Author: poem of Sylvia Plath Type: poem Views: 20


The horizons ring me like faggots,
Tilted and disparate, and always unstable.
Touched by a match, they might warm me,
And their fine lines singe
The air to orange
Before the distances they pin evaporate,
Weighting the pale sky with a soldier color.
But they only dissolve and dissolve
Like a series of promises, as I step forward.
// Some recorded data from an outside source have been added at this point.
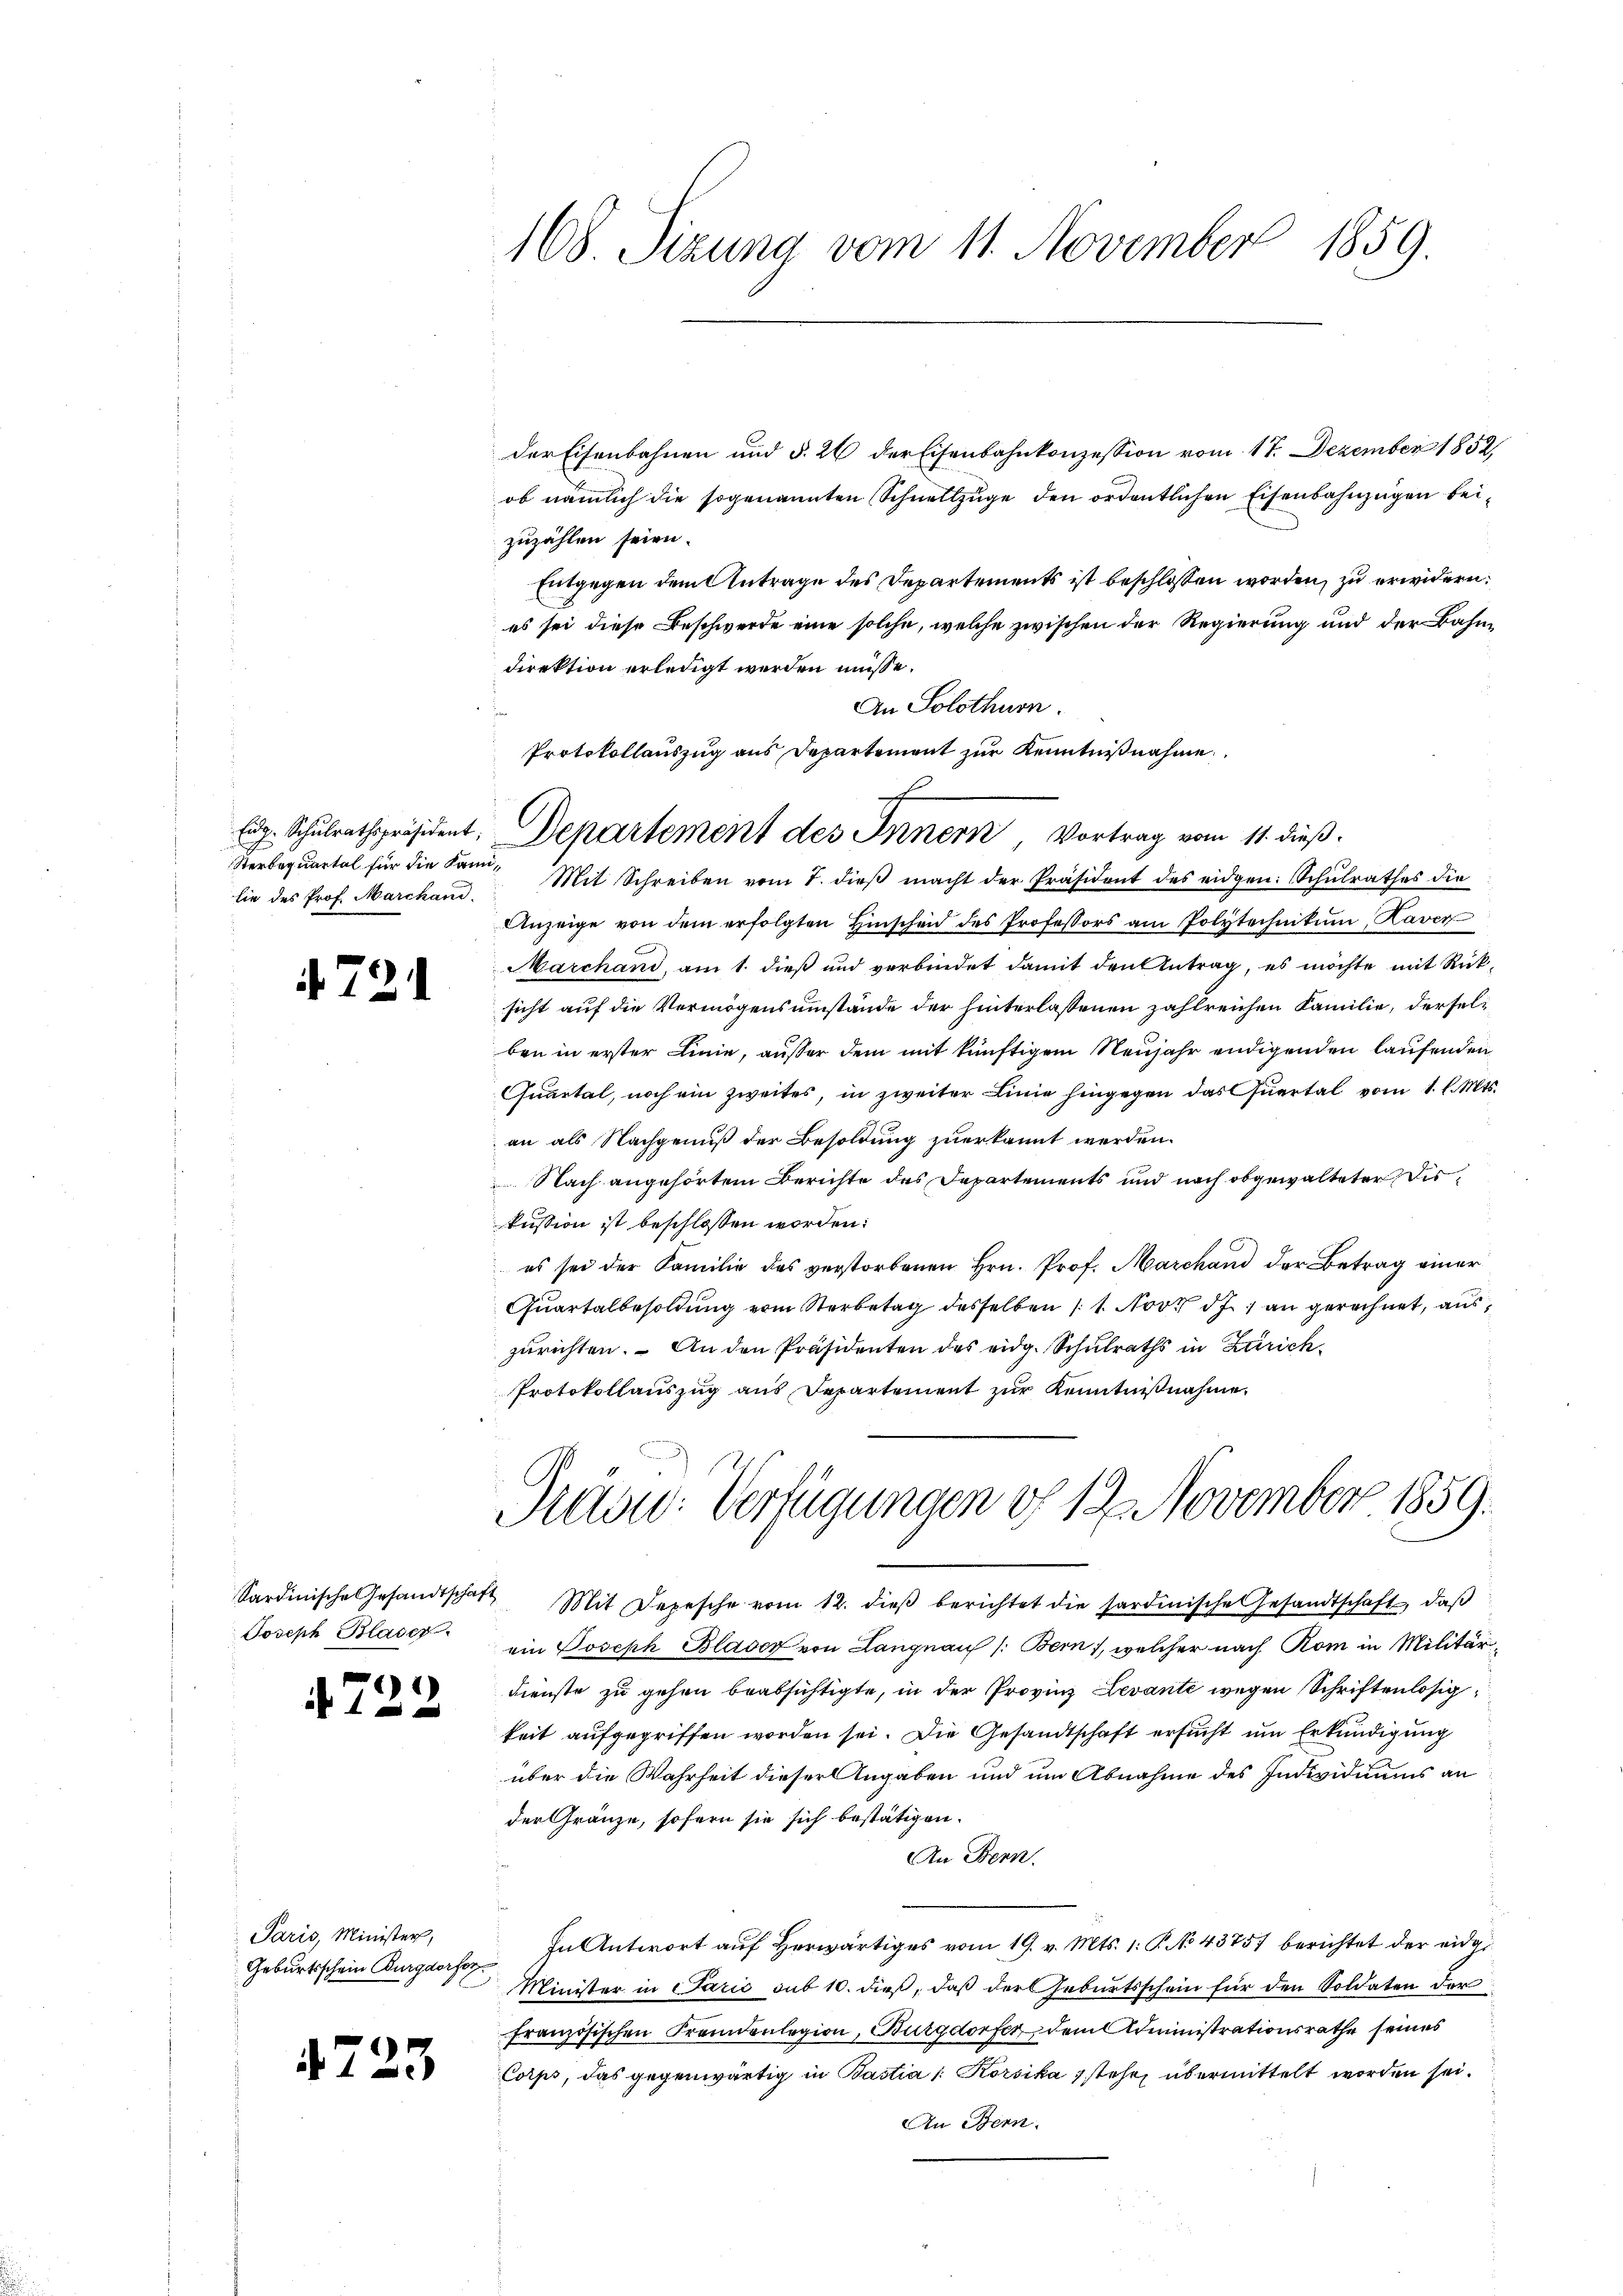
Eidg. Schulrathspräsident;
Sterbequartal für die Kamilie des Prof. Marchand

A 731

Joseph Blaser

1)
 f 0 x

Paris, Minister,
Geburtsschein Burgdorfor

4723

168. Sizung vom 11. November 1859.

der Eisenbahnen und §. 26 der Eisenbahnkonzession vom 17. Dezember 1852
ob nämlich die sogenannten Schnellzüge den ordentlichen Eisenbahnzügen beizuzählen seien.
Entgegen dem Antrage des Departements ist beschlossen worden, zu erwidern.
es sei diese Beschwerde eine solche, welche zwischen der Regierung und der Bahndirektion erledigt werden müsse.
An Solothurn.
Anzeige von dem erfolgten Hinscheid des Professors am Polytechnikum, Kaver
Marchand, am 1. dieß und verbindet damit den Antrag, es möchte mit Rücksicht auf die Vermögensumstände der hinterlassenen zahlreichen Familie, derselben in erster Linie, außer dem mit künftigem Neujahr endigenden laufenden
Quartal, noch ein zweites, in zweiter Linie hingegen das Quartal vom 1. l. Mts.
an als Nachgenuß der Besoldung zuerkannt werden.
Nach angehörtem Berichte des Departements und nach obgewalteter des
kussion ist beschlossen worden:
es sei der Familie des verstorbenen Hrn. Prof. Marchand der Betrag einer
Quartalbesoldŭng vom Sterbetag desselben (1. Nov. d. 1 an gerechnet, aus
zurichten. An den Präsidenten des eidg. Schulraths in Zürich¬
Protokollaŭszŭg ans Separtement zŭr Kenntniβnahme.

Protokollauszug aus Departement zur Kenntnißnahme
f
Departement des Innern, Vortrag vom 11. dieß
Mit Schreiben vom 7. dieß macht der Präsident des eidgen: Schulrathes die

Traon: Verfügungen f 12 November 1859.

Sardinische Gesandtschaft Mit Depesche vom 12. dieβ berichtet die sardinische Gesandtschaft, daβ
ein Joseph Blaser von Langnau (Bern, welcher nach Rom in Militär¬
Dienste zu gehen beabsichtigte, in der Provinz Levante wegen Schriftenlosigkeit aufgegriffen worden sei. Die Gesandtschaft ersucht um Erkundigung
über die Wahrheit dieser Angaben und um Abnahme des Individiums an
der Gränze, sofern sie sich bestätigen.
An Bern.
In Antwort auf Herwärtiges vom 19. v. Mts. 1. P. No. 43751 berichtet der eidge
Minister in Carić sub 10. dieß, daß der Geburtsschein für den Soldaten der
französischen Fremdenlegion, Burgdorfer, dem Administrationsrathe seines
Corps, das gegenwärtig in Bastia /: Korsika stehe, übermittelt worden sei.
An Bern.

There is no life higher than the grasstops
Or the hearts of sheep, and the wind
Pours by like destiny, bending
Everything in one direction.
I can feel it trying
To funnel my heat away.
If I pay the roots of the heather
Too close attention, they will invite me
To whiten my bones among them.

The sheep know where they are,
Browsing in their dirty wool-clouds,
Gray as the weather.
The black slots of their pupils take me in.
It is like being mailed into space,
A thin, silly message.
They stand about in grandmotherly disguise,
All wig curls and yellow teeth
And hard, marbly baas.

I come to wheel ruts, and water
Limpid as the solitudes
That flee through my fingers.
Hollow doorsteps go from grass to grass;
Lintel and sill have unhinged themselves.
Of people and the air only
Remembers a few odd syllables.
It rehearses them moaningly:
Black stone, black stone.

The sky leans on me, me, the one upright
Among all horizontals.
The grass is beating its head distractedly.
It is too delicate
For a life in such company;
Darkness terrifies it.
Now, in valleys narrow
And black as purses, the house lights
Gleam like small change.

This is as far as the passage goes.